Weekly inhaler puffs, similar to those used for asthma, might safeguard you against viral infections that could make winters challenging.

This promising idea stems from encouraging animal studies involving mRNA therapies aimed at activating our natural viral defenses. “We can consider this a universal antiviral agent,” states Dusan Bogunovic from Columbia University in New York.

To fully realize this potential, the development of mRNA technology used in vaccines will be essential, but recent funding cuts in the US for mRNA vaccine initiatives pose a significant concern. “I would be surprised if this doesn’t impact such progress,” Bogunovic mentioned.

Beyond recognizing and neutralizing viruses with antibodies, our bodies have multiple inherent defenses. For instance, upon detecting a viral invasion, cells emit a critical signaling molecule called interferons. This activates around 1000 genes, resulting in the production of various antiviral proteins, each playing distinct protective roles. Some obstruct viral entry into cells and hinder the release of other viral particles.

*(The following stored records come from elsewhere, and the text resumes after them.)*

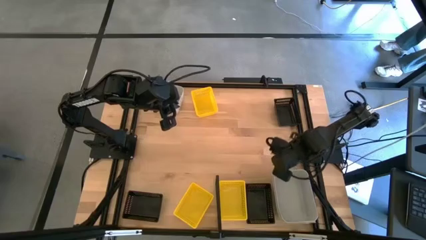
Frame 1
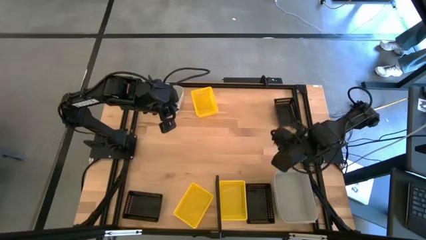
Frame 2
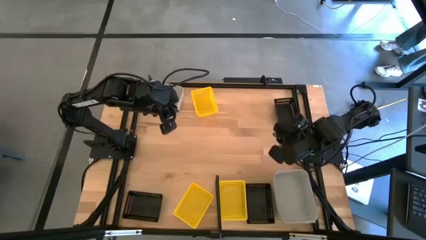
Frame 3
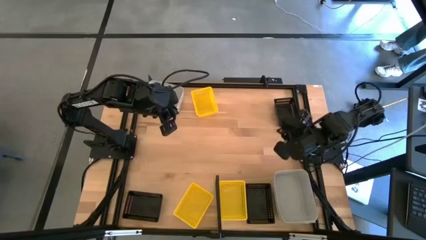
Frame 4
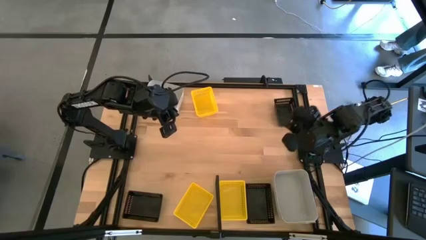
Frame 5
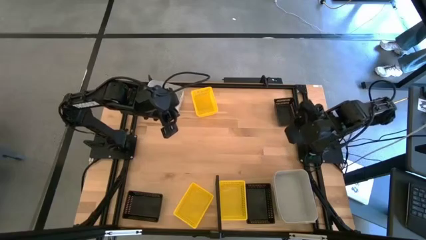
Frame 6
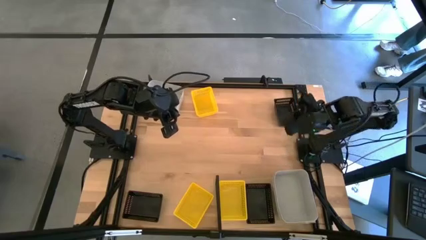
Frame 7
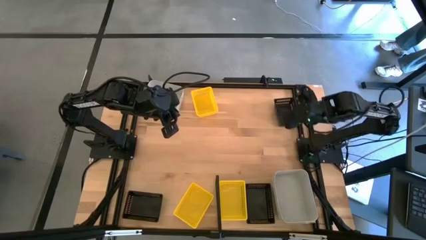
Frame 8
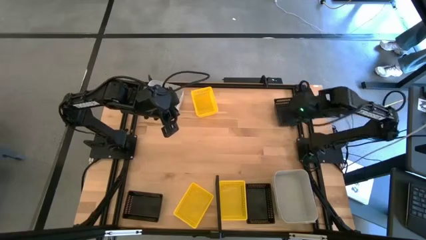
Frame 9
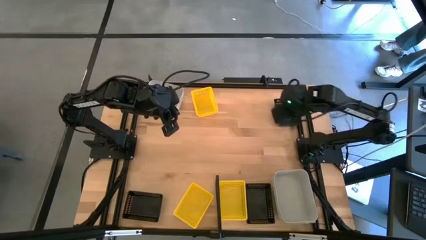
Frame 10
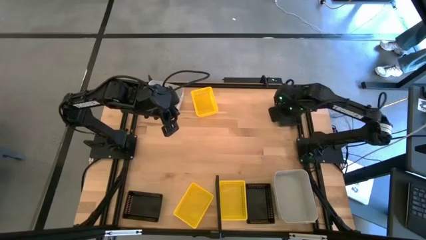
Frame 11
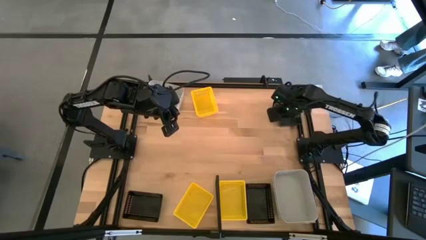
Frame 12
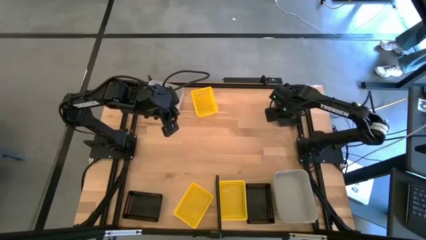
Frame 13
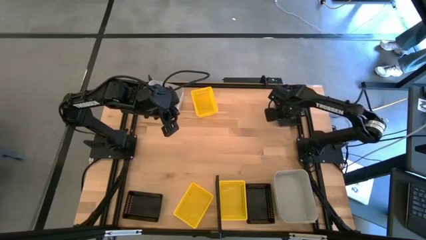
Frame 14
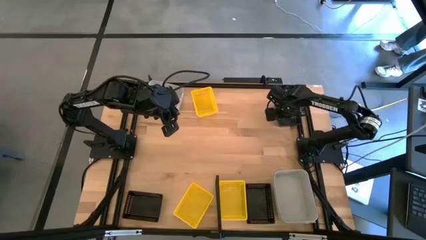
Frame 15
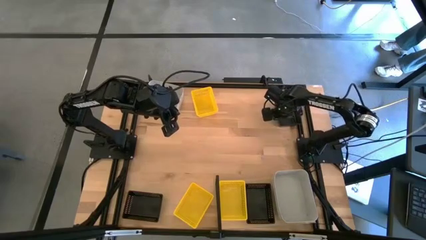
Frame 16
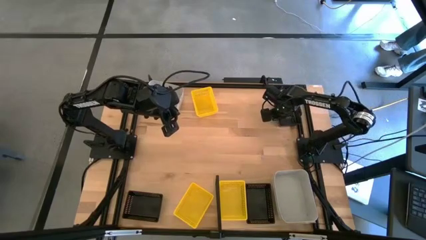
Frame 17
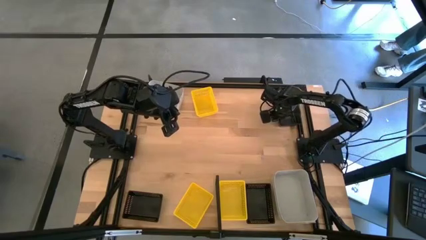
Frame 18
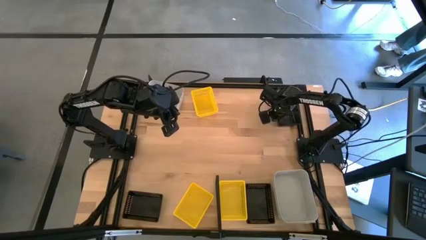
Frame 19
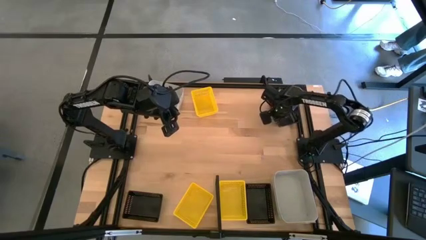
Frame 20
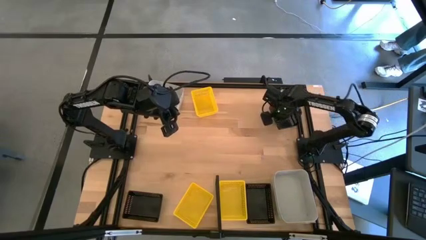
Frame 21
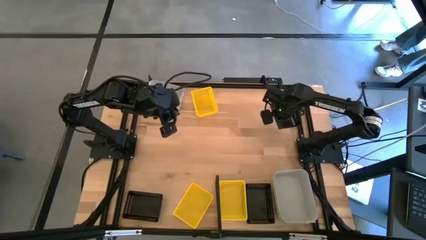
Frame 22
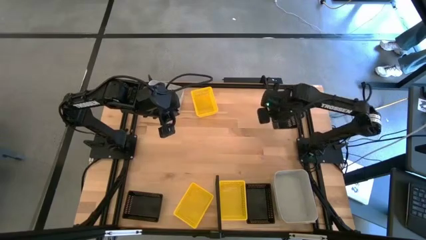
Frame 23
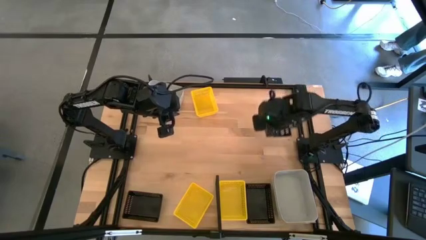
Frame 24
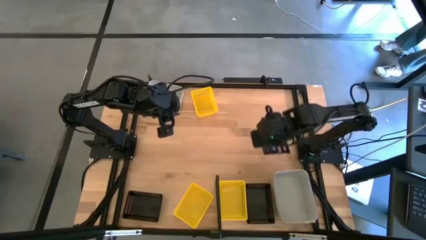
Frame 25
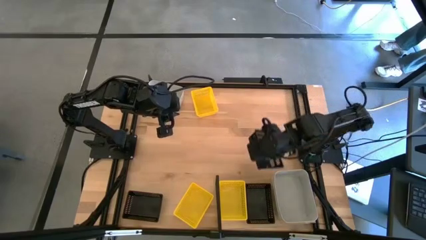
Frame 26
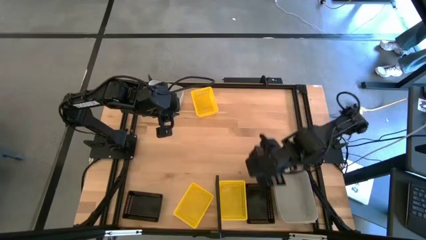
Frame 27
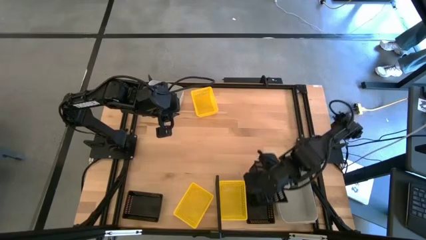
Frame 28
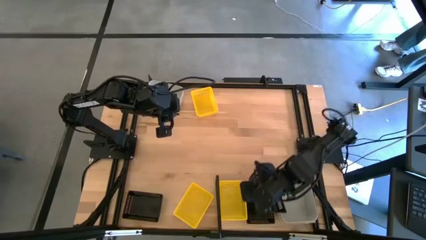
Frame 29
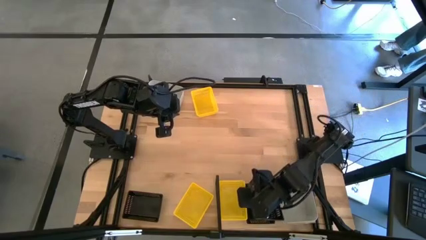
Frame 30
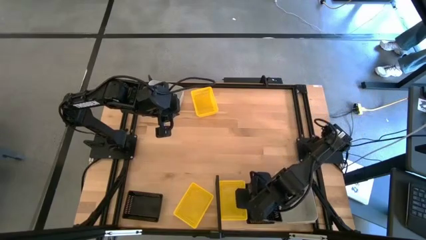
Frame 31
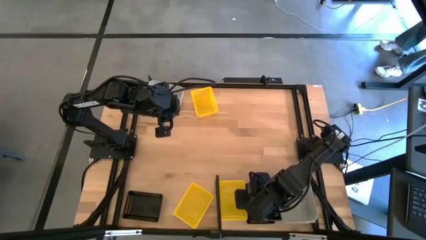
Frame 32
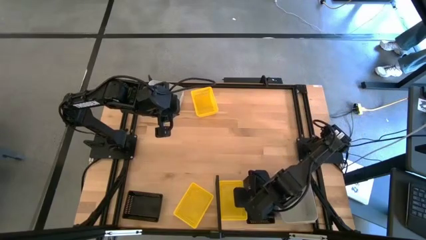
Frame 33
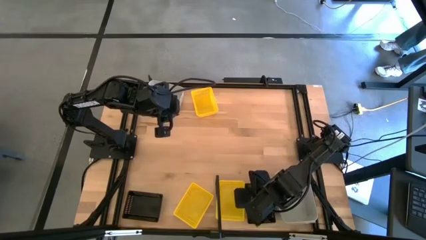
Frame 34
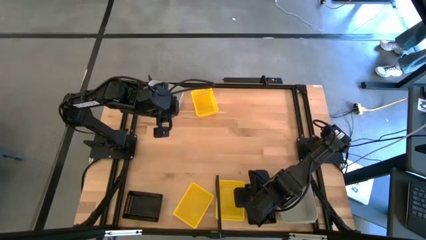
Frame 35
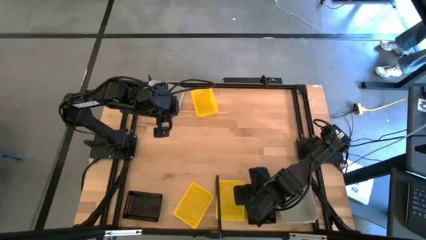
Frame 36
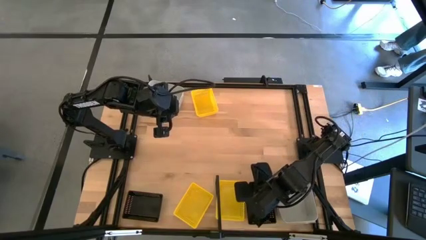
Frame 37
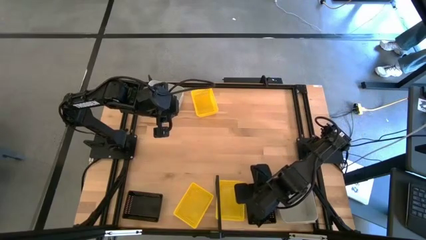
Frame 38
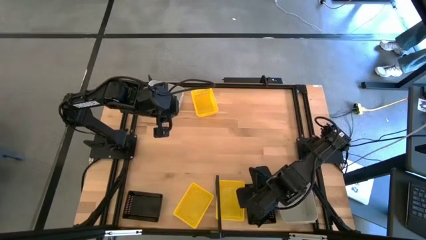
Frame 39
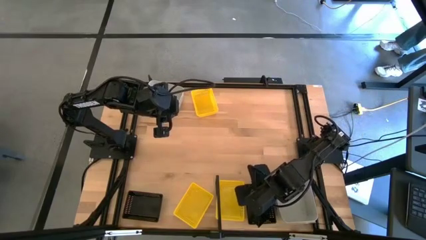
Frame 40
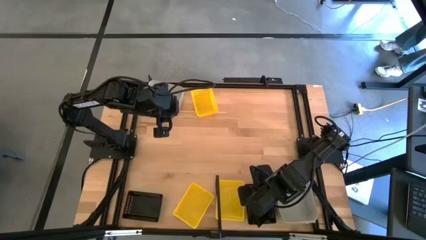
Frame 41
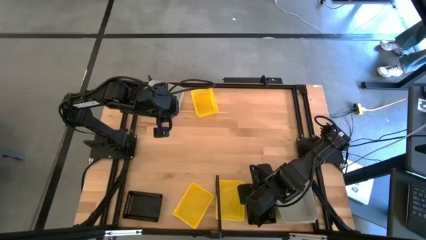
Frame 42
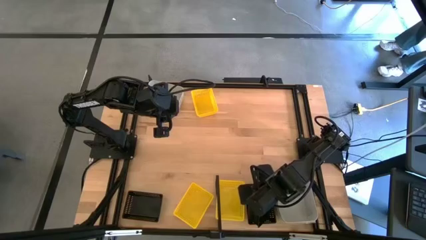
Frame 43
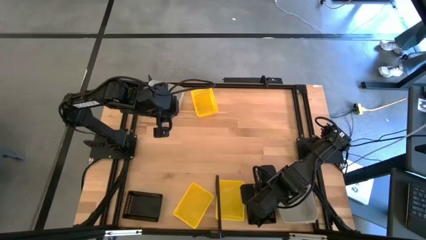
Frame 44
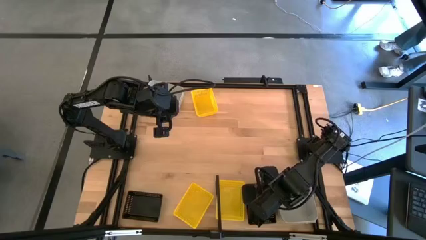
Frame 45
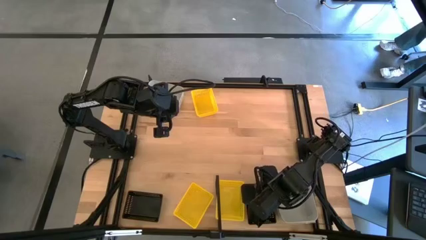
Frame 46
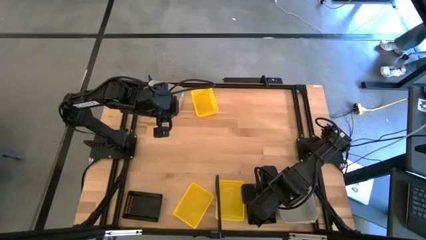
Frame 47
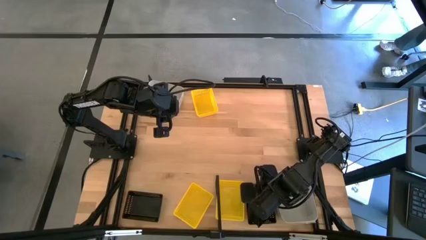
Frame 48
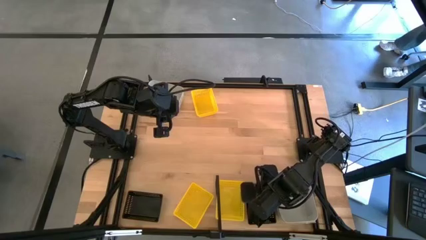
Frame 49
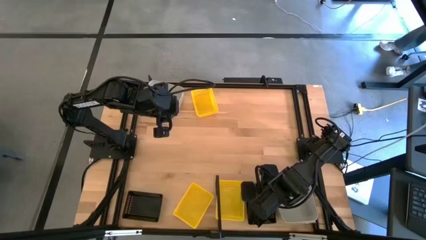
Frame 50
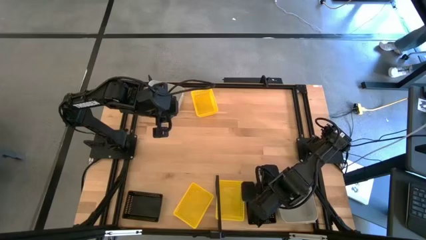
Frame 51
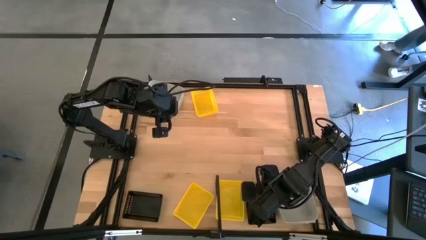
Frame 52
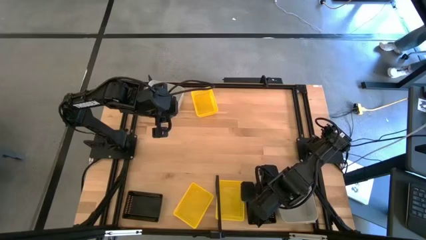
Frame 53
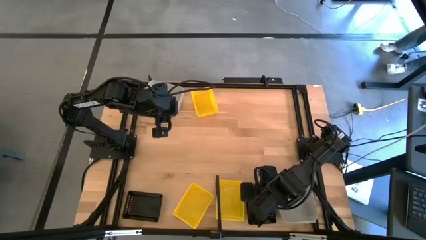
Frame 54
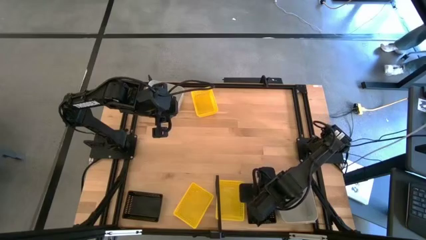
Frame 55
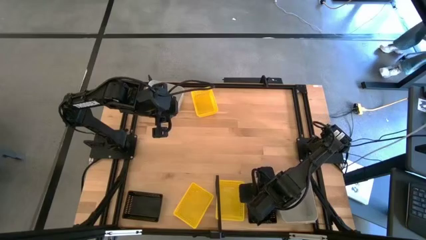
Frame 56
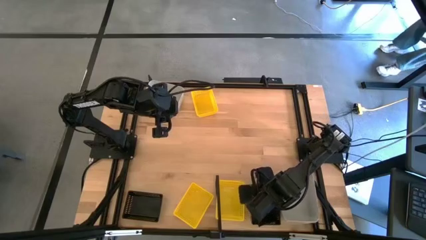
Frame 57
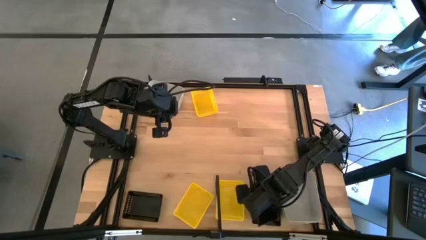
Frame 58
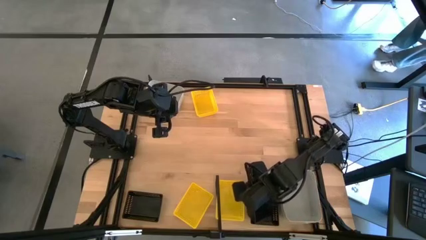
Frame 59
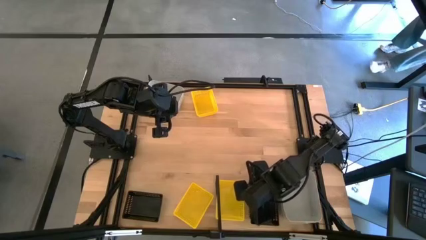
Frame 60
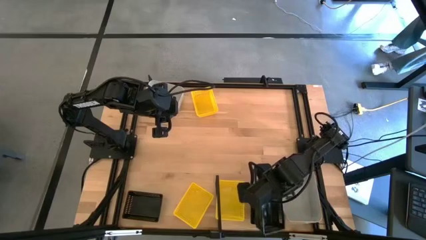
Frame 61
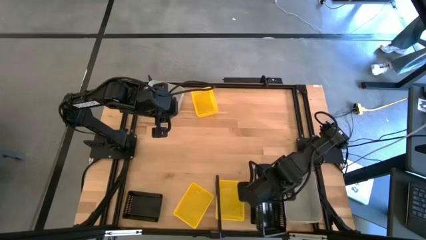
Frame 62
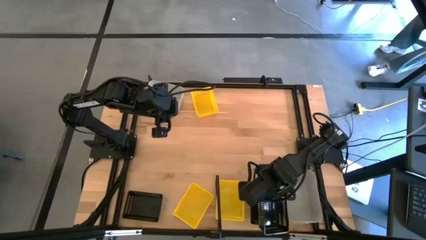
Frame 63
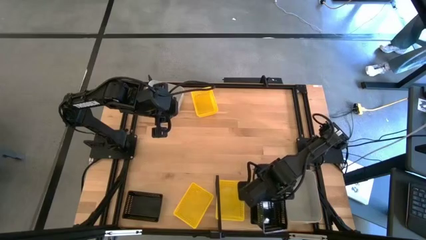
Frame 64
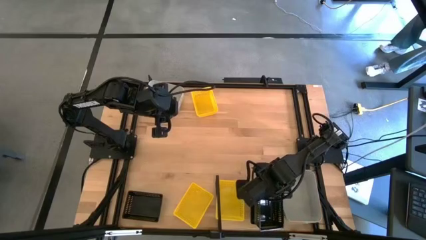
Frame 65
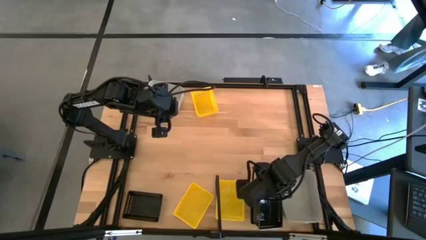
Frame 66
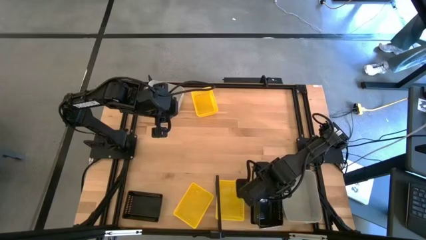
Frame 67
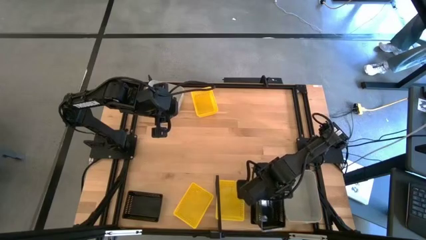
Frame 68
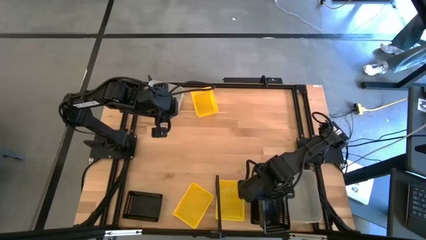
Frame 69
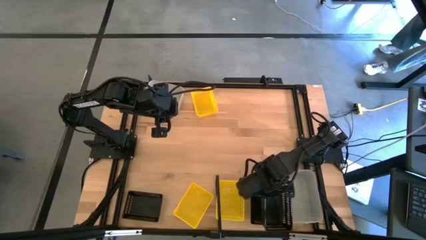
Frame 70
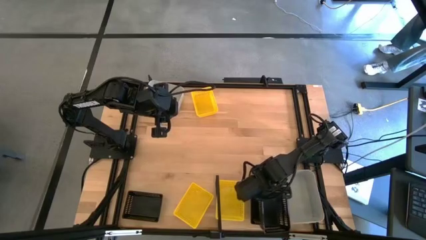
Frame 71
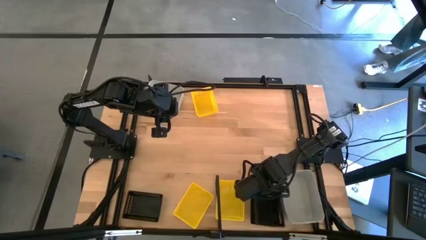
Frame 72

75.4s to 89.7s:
Task: Stack baskets on shelf by color
Stack the top black bin on top of the black bin on the shelf

While not all antiviral proteins are effective against every virus, their strategic combination can yield significant results. “Our innate immune system is remarkably robust,” Bogunovic observes.

Bogunovic points out that the rapid replication of respiratory viruses presents a challenge. However, if the body can proactively prepare these defenses, it could reduce viral replication and ensure that infections remain less severe, even before the immune system fully kicks in.

There were hopes of using interferon as a broad-spectrum antiviral, but the potential for severe side effects warranted caution. Thus, Bogunovic and his team are focusing instead on creating an antiviral agent composed of a select group of 1000 proteins induced by interferons.

They chose 10 specific proteins and introduced them into cells via mRNAs that encode these proteins. The mRNA delivery system allows for temporary protein production within targeted cells, which is critical as preformed proteins are often too large to enter cells in adequate amounts.

Experiments where human cells were infected with a range of viruses, including influenza and Zika, demonstrated that this mRNA cocktail effectively enhanced viral protection. This could provide the necessary head start in the body.

The team subsequently administered these mRNAs to the lungs of Golden Hamsters. The mRNA combination afforded strong protection against the SARS-CoV-2 virus, which causes Covid-19, drastically reducing viral loads in comparison to untreated counterparts. “I thought, ‘This could actually be a universal antiviral,’” Bogunovic says.

Present antiviral medications are typically limited to specific viruses; hence, broad-spectrum treatments are immensely valuable. The breakthrough of antibiotics such as penicillin, which can eliminate a wide array of bacteria, has transformed medical practice.

Moreover, some combinations of proteins activated by interferons may work particularly well against specific viruses, Bogunovic mentions. This same methodology could also help in formulating specialized antiviral agents.

Effectively delivering mRNA to a significant number of vulnerable cells remains crucial. Further advancements are required, as targeting specific cell types with mRNA continues to be challenging.

“This scenario is certainly intriguing and could lead to significant developments, but we are still a distance from implementing practical and adaptable solutions,” states Aris Katzourakis from Oxford University. “This research emphasizes the vast potential of mRNA technology extending beyond vaccines. The current trend of mRNA vaccine funding in the US will likely and regrettably hinder progress in both domains.”

While antibiotic resistance remains a pressing issue, Bogunovic believes it is unlikely that viruses will develop resistance to this type of antiviral approach, given its combination of various interferon-triggered proteins that target multiple phases of the virus’s lifecycle. This combined strategy has already yielded successes in HIV treatments.